EXERCISE OBJECTIVE:
Images are to be left out; everything else in the listing should be repeated exactly.

DATA UNDER STUDY:
# # # # #
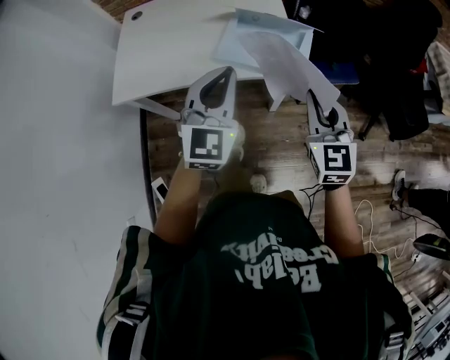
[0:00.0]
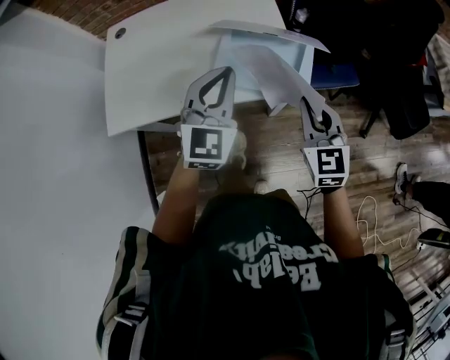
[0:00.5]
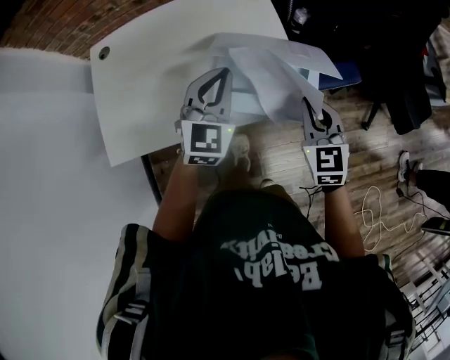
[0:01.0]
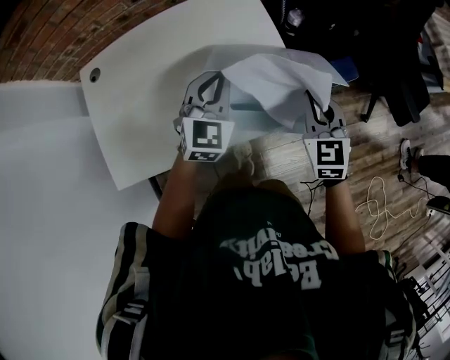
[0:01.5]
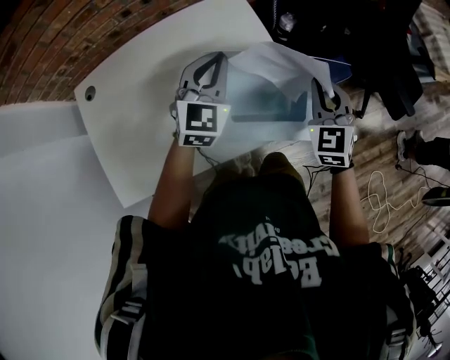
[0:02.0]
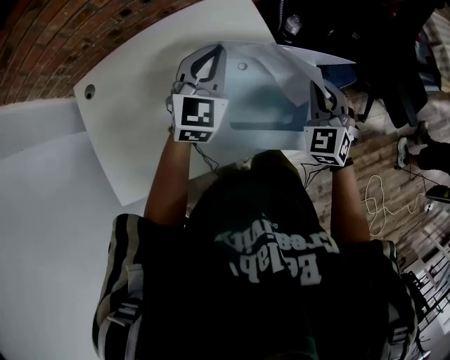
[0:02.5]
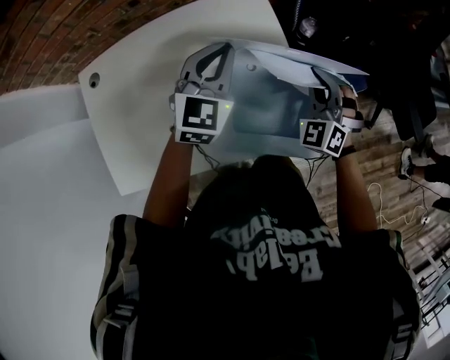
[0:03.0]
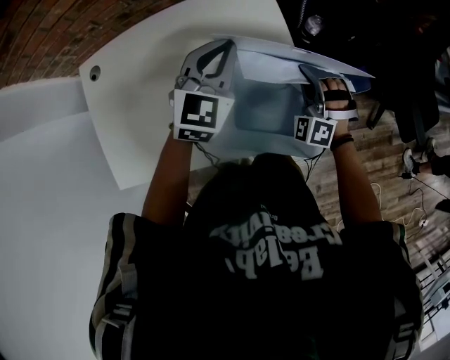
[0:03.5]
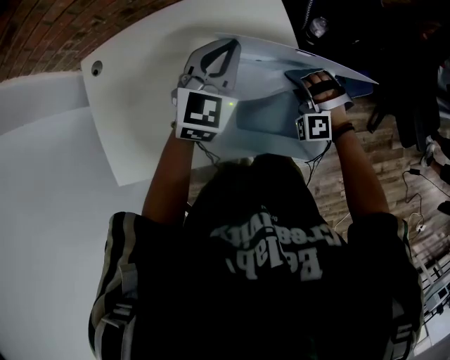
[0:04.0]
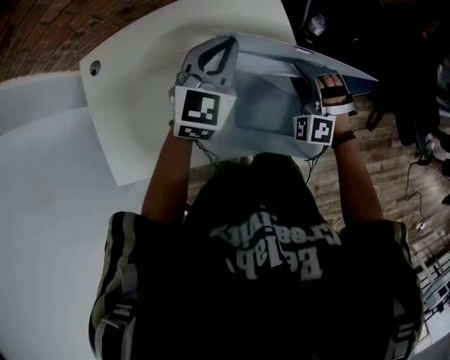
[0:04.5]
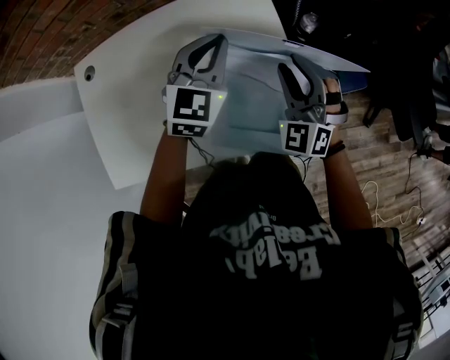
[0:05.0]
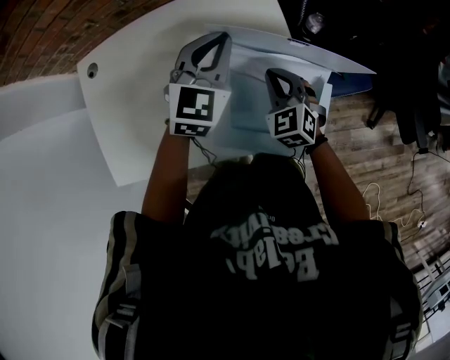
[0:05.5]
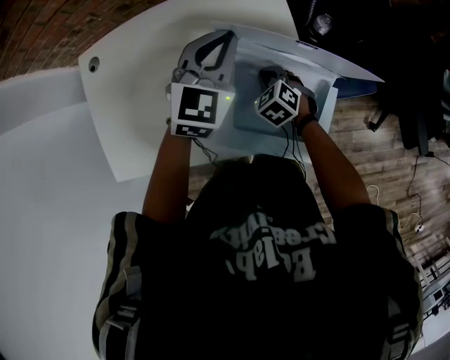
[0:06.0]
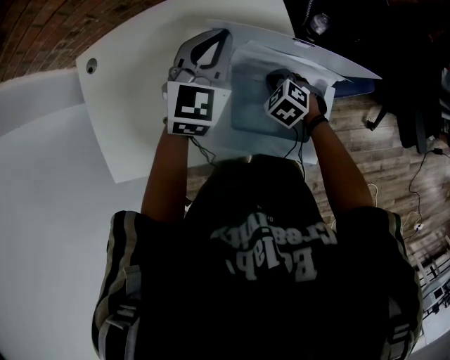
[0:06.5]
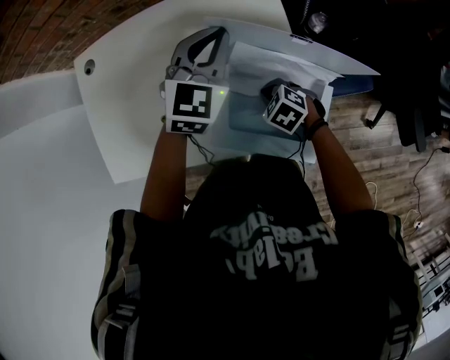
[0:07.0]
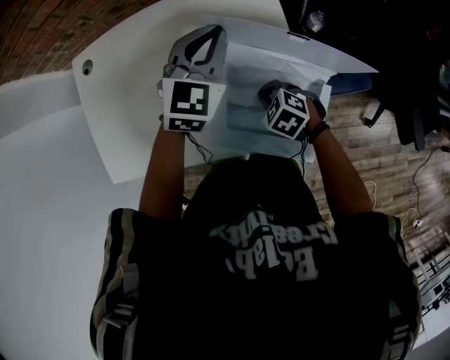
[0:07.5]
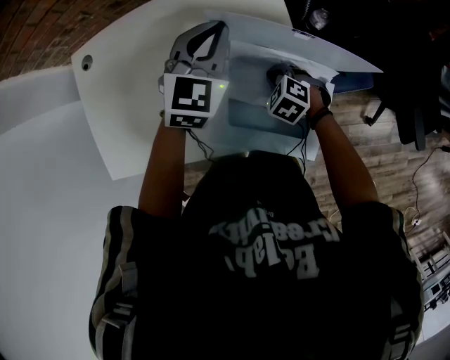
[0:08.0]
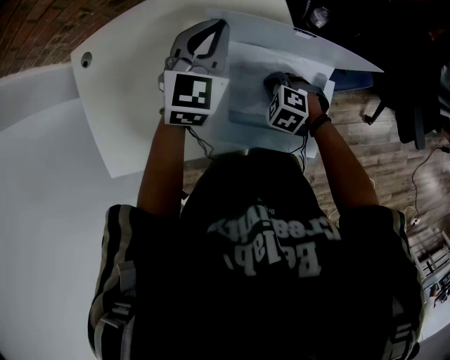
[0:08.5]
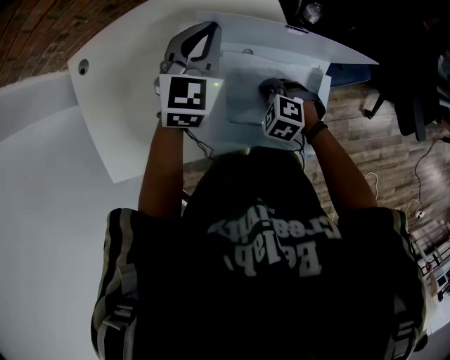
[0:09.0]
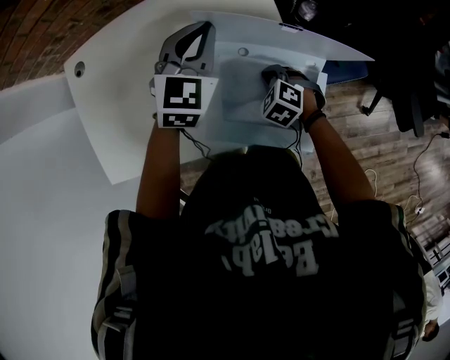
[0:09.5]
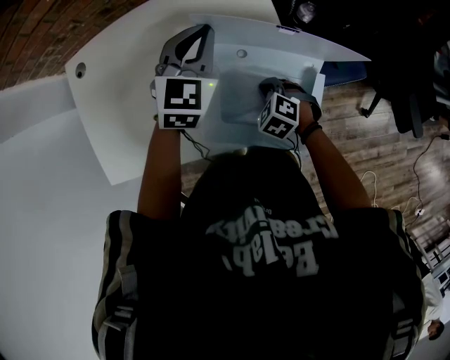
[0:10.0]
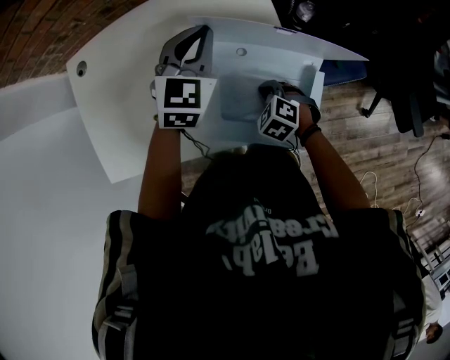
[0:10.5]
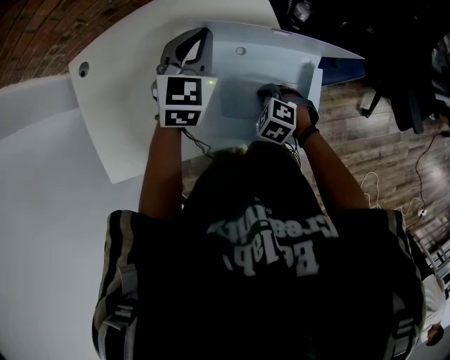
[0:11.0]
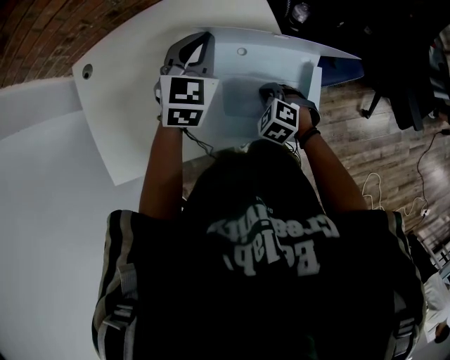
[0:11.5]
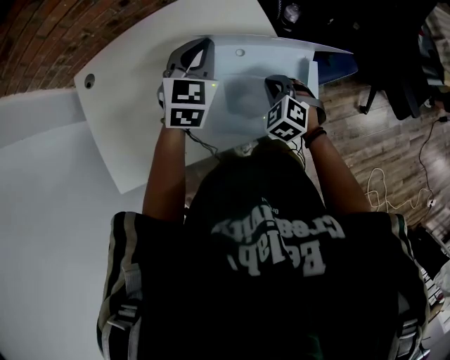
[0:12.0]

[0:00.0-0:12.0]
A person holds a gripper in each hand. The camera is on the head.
0:00.0 to 0:02.0: The two grippers go roughly 30 cm forward. The left gripper turns by roughly 20 degrees. Meanwhile the right gripper swivels roughly 30 degrees.
0:02.0 to 0:04.0: The right gripper is displaced downward and to the left by some 15 cm, and rotates around the line of its fingers by some 60 degrees, counterclockwise from behind.
0:04.0 to 0:06.0: The right gripper travels to the left by roughly 5 cm, travels upward and back again, approximately 15 cm each way, rotates around the line of its fingers by approximately 50 degrees, clockwise from behind, and opens and closes again.
0:10.0 to 0:12.0: The right gripper heads upward, covering roughly 5 cm.

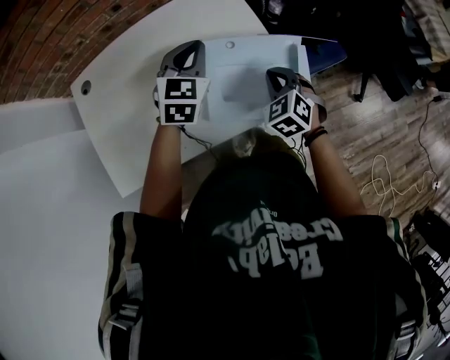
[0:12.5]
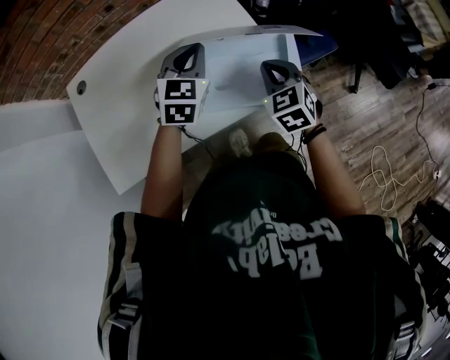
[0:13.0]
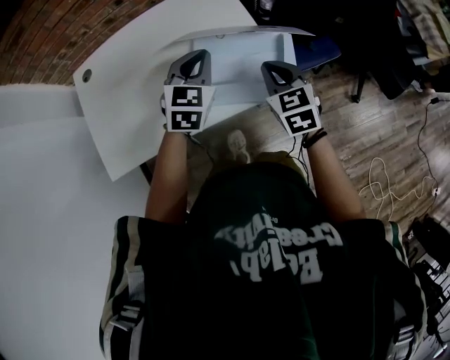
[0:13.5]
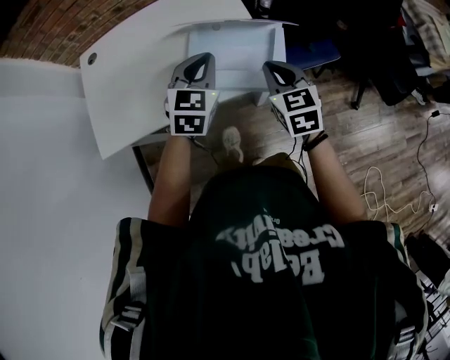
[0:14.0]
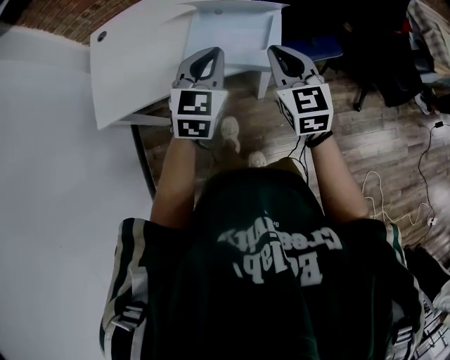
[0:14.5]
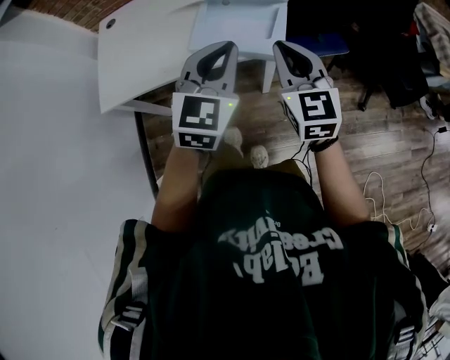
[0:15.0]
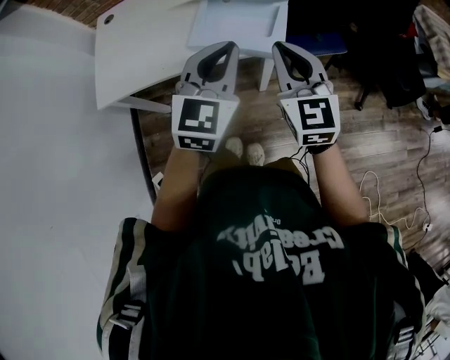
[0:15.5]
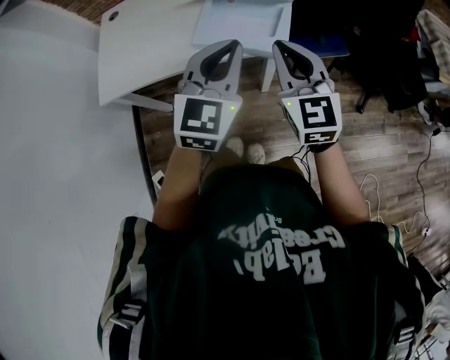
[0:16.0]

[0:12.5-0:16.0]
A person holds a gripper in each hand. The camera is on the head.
0:12.5 to 0:14.5: The left gripper is displaced backward and to the right by approximately 25 cm. The right gripper travels backward, upward and to the right by about 25 cm, and angles its fingers upward, by about 30 degrees.
0:14.5 to 0:16.0: The left gripper goes about 10 cm backward and upward; the right gripper is displaced backward by approximately 5 cm.
# # # # #
SOLUTION:
[0:00.0]
[0:00.5]
[0:01.0]
[0:01.5]
[0:02.0]
[0:02.5]
[0:03.0]
[0:03.5]
[0:04.0]
[0:04.5]
[0:05.0]
[0:05.5]
[0:06.0]
[0:06.5]
[0:07.0]
[0:07.5]
[0:08.0]
[0:08.5]
[0:09.0]
[0:09.5]
[0:10.0]
[0:10.5]
[0:11.0]
[0:11.5]
[0:12.0]

[0:00.0-0:12.0]
A person holds a gripper in each hand. The camera is on the head.
0:00.0 to 0:02.0: The two grippers go roughly 30 cm forward. The left gripper turns by roughly 20 degrees. Meanwhile the right gripper swivels roughly 30 degrees.
0:02.0 to 0:04.0: The right gripper is displaced downward and to the left by some 15 cm, and rotates around the line of its fingers by some 60 degrees, counterclockwise from behind.
0:04.0 to 0:06.0: The right gripper travels to the left by roughly 5 cm, travels upward and back again, approximately 15 cm each way, rotates around the line of its fingers by approximately 50 degrees, clockwise from behind, and opens and closes again.
0:10.0 to 0:12.0: The right gripper heads upward, covering roughly 5 cm.

[0:12.5]
[0:13.0]
[0:13.5]
[0:14.0]
[0:14.5]
[0:15.0]
[0:15.5]
[0:16.0]

[0:12.5-0:16.0]
A person holds a gripper in each hand. The camera is on the head.
0:12.5 to 0:14.5: The left gripper is displaced backward and to the right by approximately 25 cm. The right gripper travels backward, upward and to the right by about 25 cm, and angles its fingers upward, by about 30 degrees.
0:14.5 to 0:16.0: The left gripper goes about 10 cm backward and upward; the right gripper is displaced backward by approximately 5 cm.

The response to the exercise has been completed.